Stored data entries

──────────────────────────────

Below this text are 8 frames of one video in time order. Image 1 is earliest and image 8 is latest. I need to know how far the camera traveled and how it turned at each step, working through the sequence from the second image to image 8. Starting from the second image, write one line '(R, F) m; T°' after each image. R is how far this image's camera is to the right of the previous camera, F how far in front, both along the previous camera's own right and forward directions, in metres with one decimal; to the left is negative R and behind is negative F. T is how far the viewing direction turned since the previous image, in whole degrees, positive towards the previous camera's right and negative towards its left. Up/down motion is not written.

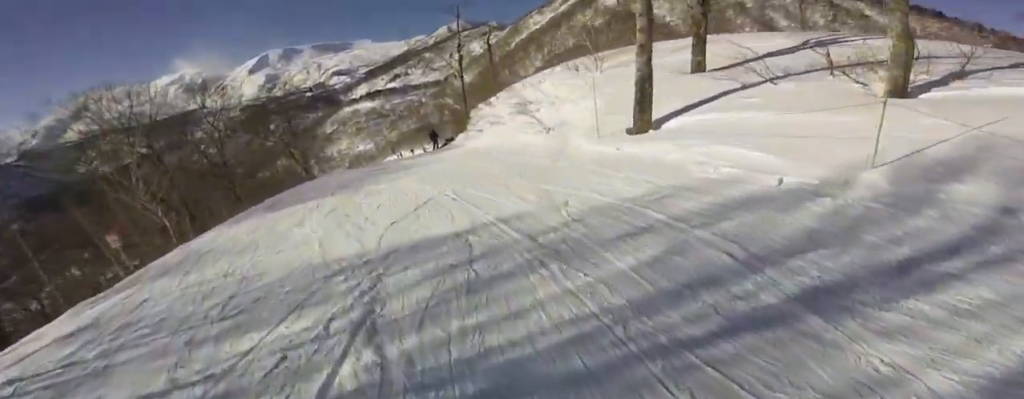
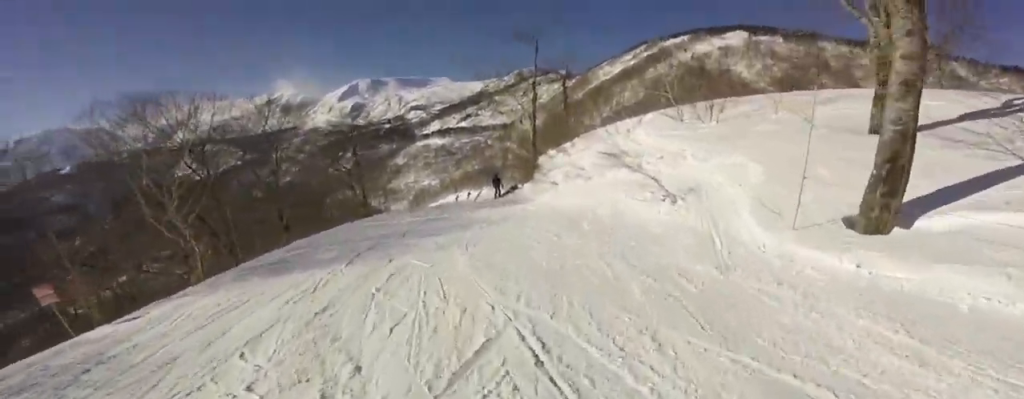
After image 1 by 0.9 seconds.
(-0.8, +3.8) m; -12°
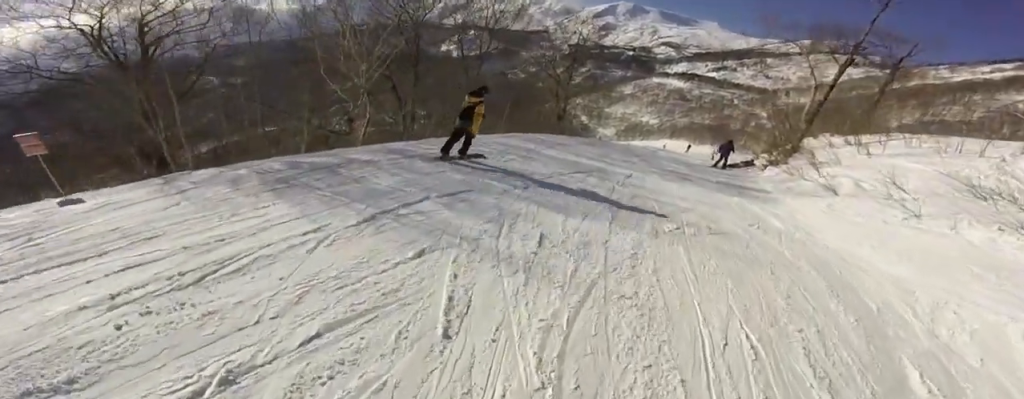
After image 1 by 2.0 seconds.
(-0.1, +4.4) m; -1°
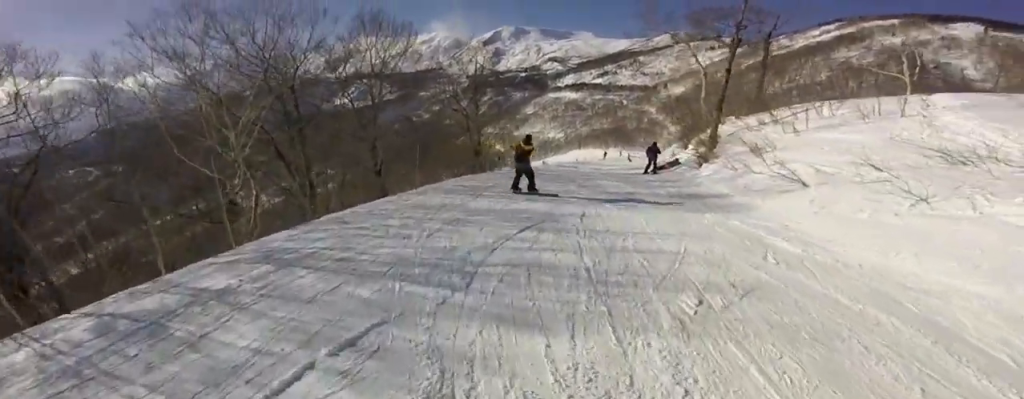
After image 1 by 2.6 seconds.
(+0.2, +2.2) m; -4°
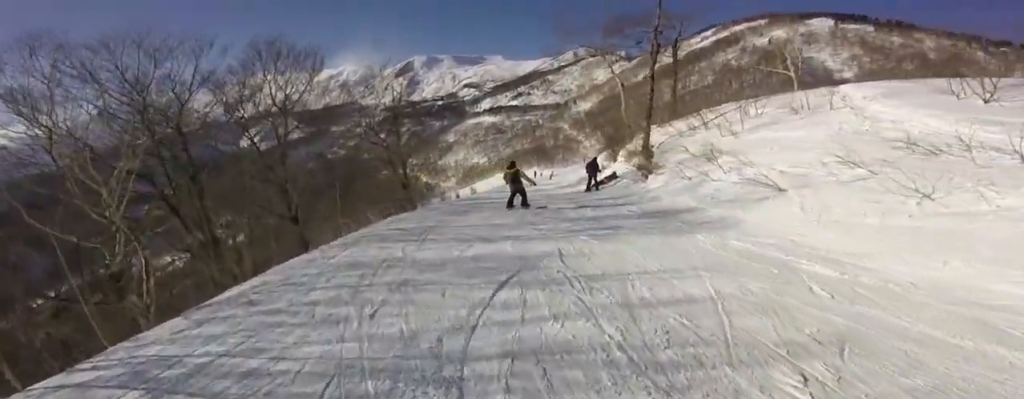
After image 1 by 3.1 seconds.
(-0.4, +1.7) m; -11°
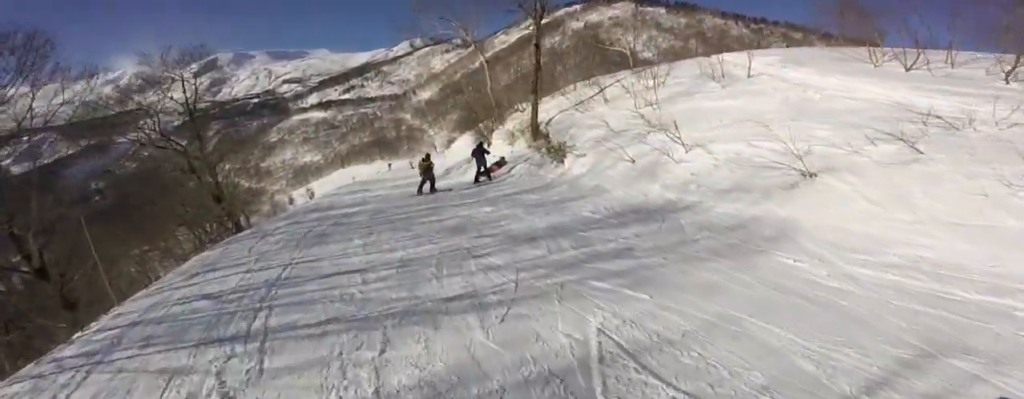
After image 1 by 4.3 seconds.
(-0.6, +4.4) m; +12°
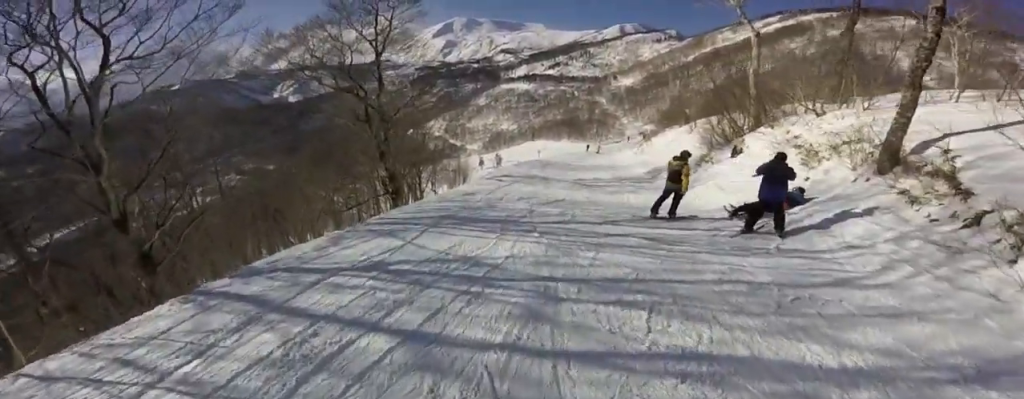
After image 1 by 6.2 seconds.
(+3.3, +7.0) m; +7°
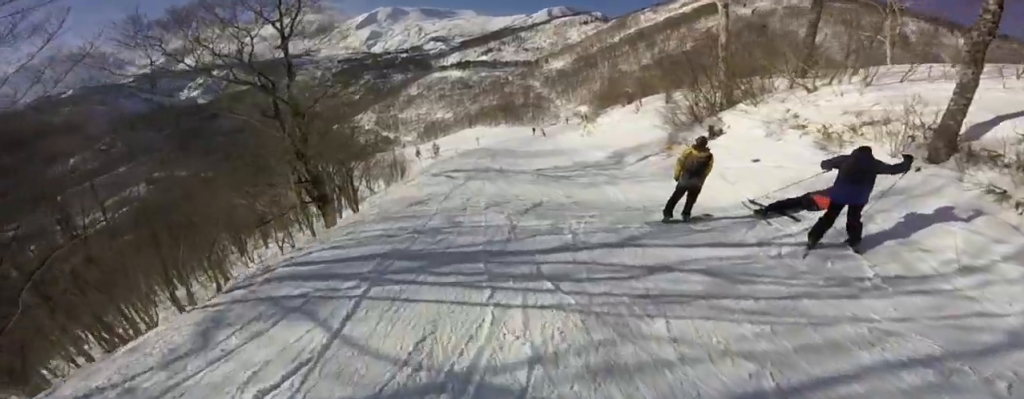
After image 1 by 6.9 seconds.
(-0.9, +2.7) m; -4°
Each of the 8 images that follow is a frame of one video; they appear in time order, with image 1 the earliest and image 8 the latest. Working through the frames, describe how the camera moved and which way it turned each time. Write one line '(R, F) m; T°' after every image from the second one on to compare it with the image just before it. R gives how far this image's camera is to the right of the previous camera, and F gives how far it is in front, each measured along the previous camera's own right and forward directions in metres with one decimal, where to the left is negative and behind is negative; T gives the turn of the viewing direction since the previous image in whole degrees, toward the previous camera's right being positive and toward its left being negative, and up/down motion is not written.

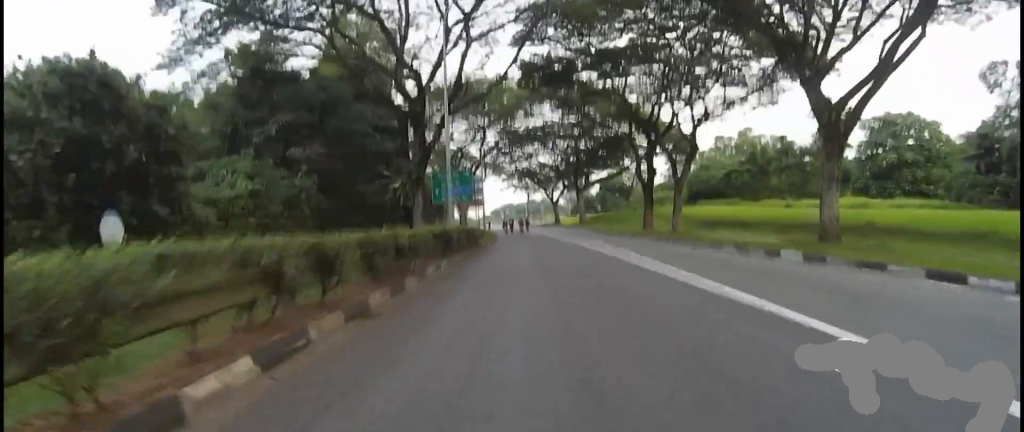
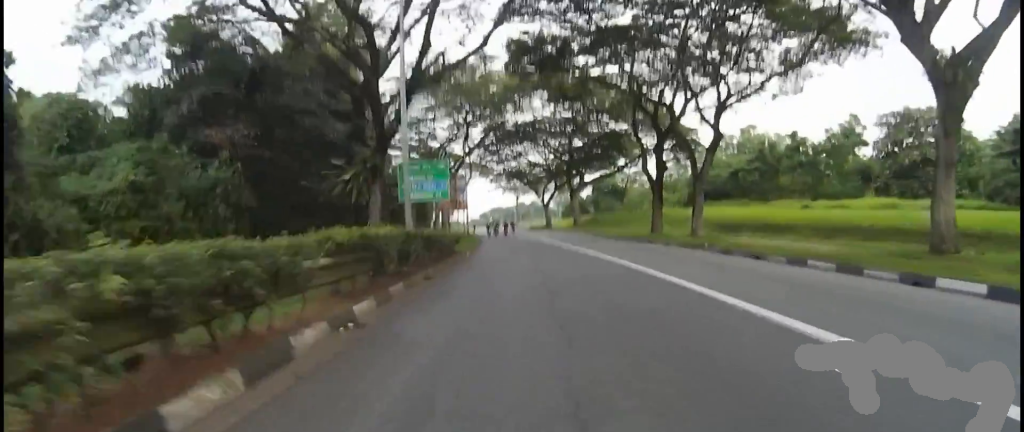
(0.0, +7.2) m; 0°
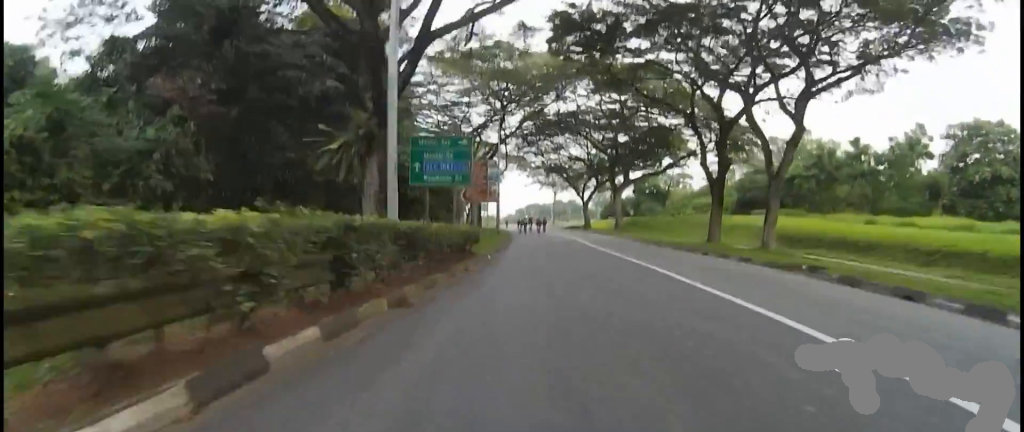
(0.0, +5.9) m; 0°
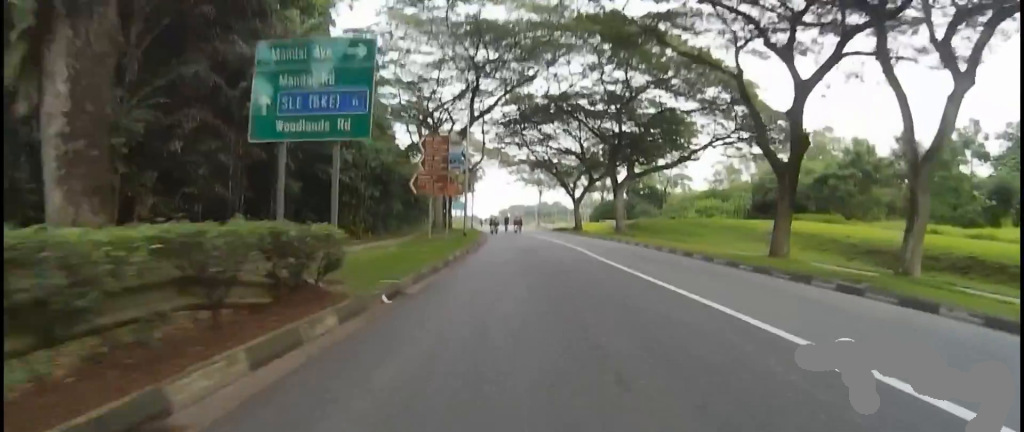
(-0.2, +11.8) m; -1°
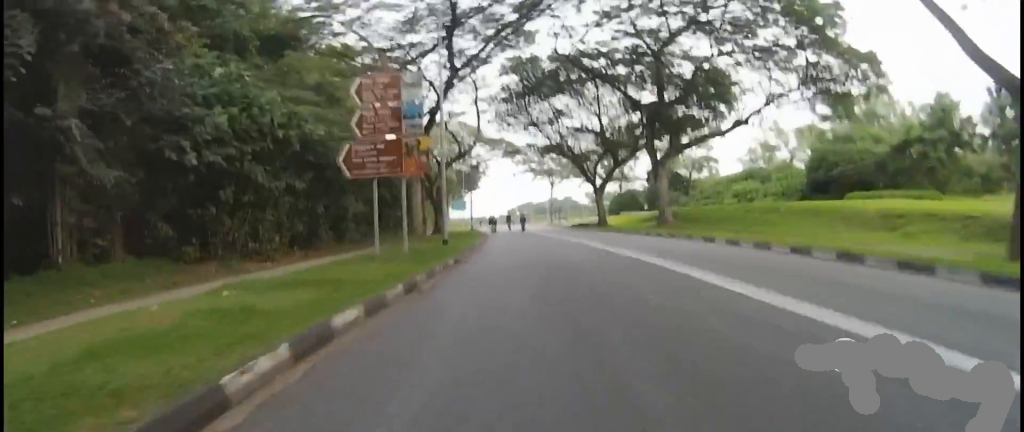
(-0.1, +11.6) m; -1°
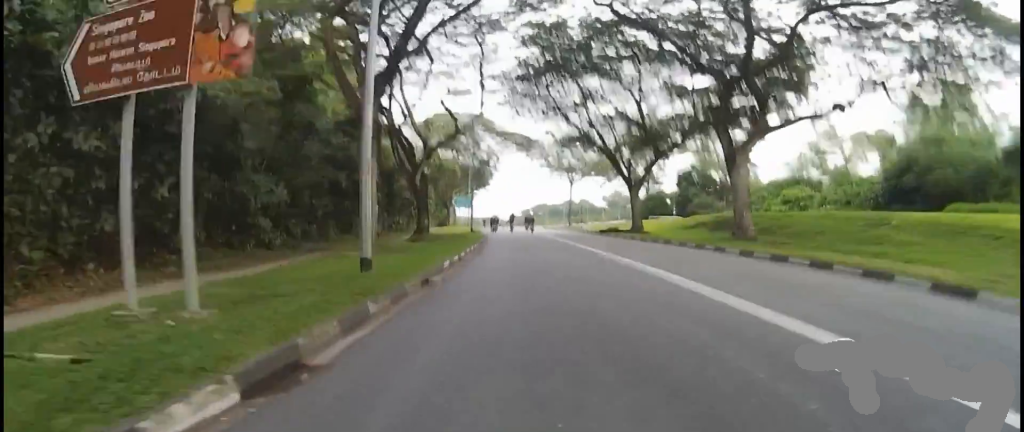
(-0.1, +10.2) m; -2°
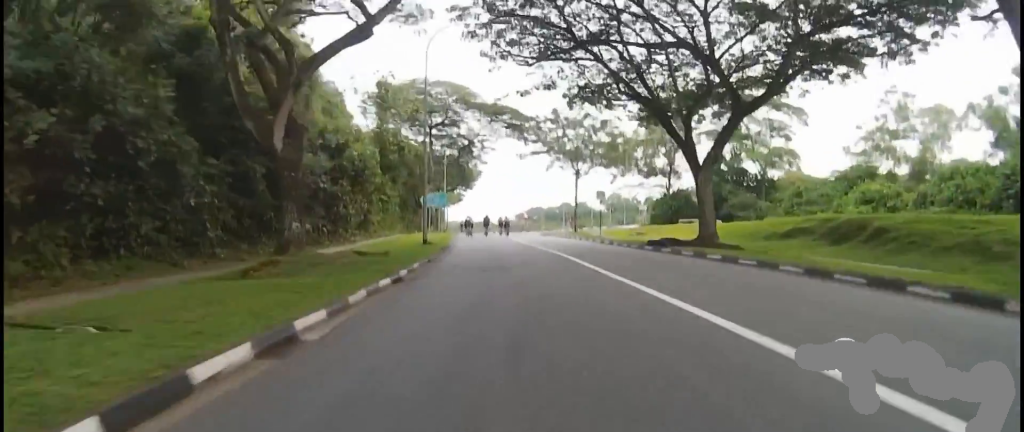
(0.0, +15.4) m; +2°
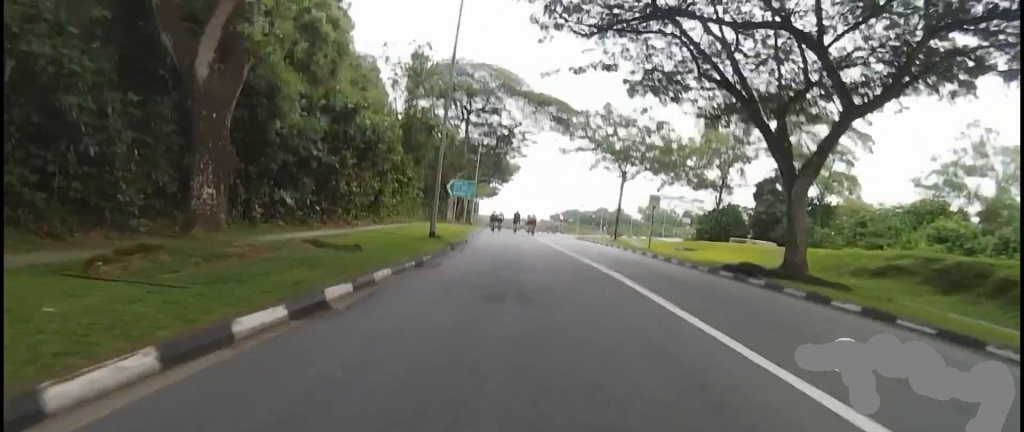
(0.0, +5.0) m; -3°

──────────────────────────────

- _What the exercise asks_:
Copy out the data above exactly, except the pictures.

- _Answer box_:
Below this text are 8 frames of one video in time order. Image 1 is earliest and image 8 is latest. I need to know how far the camera traveled and how it turned at each step, working through the sequence from the second image to image 8. Starting from the second image, write one line '(R, F) m; T°' after each image. R is how far this image's camera is to the right of the previous camera, F how far in front, both along the previous camera's own right and forward directions, in metres with one decimal; to the left is negative R and behind is negative F. T is how far the viewing direction turned since the previous image, in whole degrees, positive towards the previous camera's right and negative towards its left. Up/down motion is not written.

After image 1 by 0.9 seconds.
(-0.8, +3.8) m; -12°
After image 1 by 2.0 seconds.
(-0.1, +4.4) m; -1°
After image 1 by 2.6 seconds.
(+0.2, +2.2) m; -4°
After image 1 by 3.1 seconds.
(-0.4, +1.7) m; -11°
After image 1 by 4.3 seconds.
(-0.6, +4.4) m; +12°
After image 1 by 6.2 seconds.
(+3.3, +7.0) m; +7°
After image 1 by 6.9 seconds.
(-0.9, +2.7) m; -4°
Each of the 8 images that follow is a frame of one video; they appear in time order, with image 1 the earliest and image 8 the latest. Working through the frames, describe how the camera moved and which way it turned each time. Write one line '(R, F) m; T°' after every image from the second one on to compare it with the image just before it. R gives how far this image's camera is to the right of the previous camera, and F gives how far it is in front, each measured along the previous camera's own right and forward directions in metres with one decimal, where to the left is negative and behind is negative; T gives the turn of the viewing direction since the previous image in whole degrees, toward the previous camera's right being positive and toward its left being negative, and up/down motion is not written.

(0.0, +7.2) m; 0°
(0.0, +5.9) m; 0°
(-0.2, +11.8) m; -1°
(-0.1, +11.6) m; -1°
(-0.1, +10.2) m; -2°
(0.0, +15.4) m; +2°
(0.0, +5.0) m; -3°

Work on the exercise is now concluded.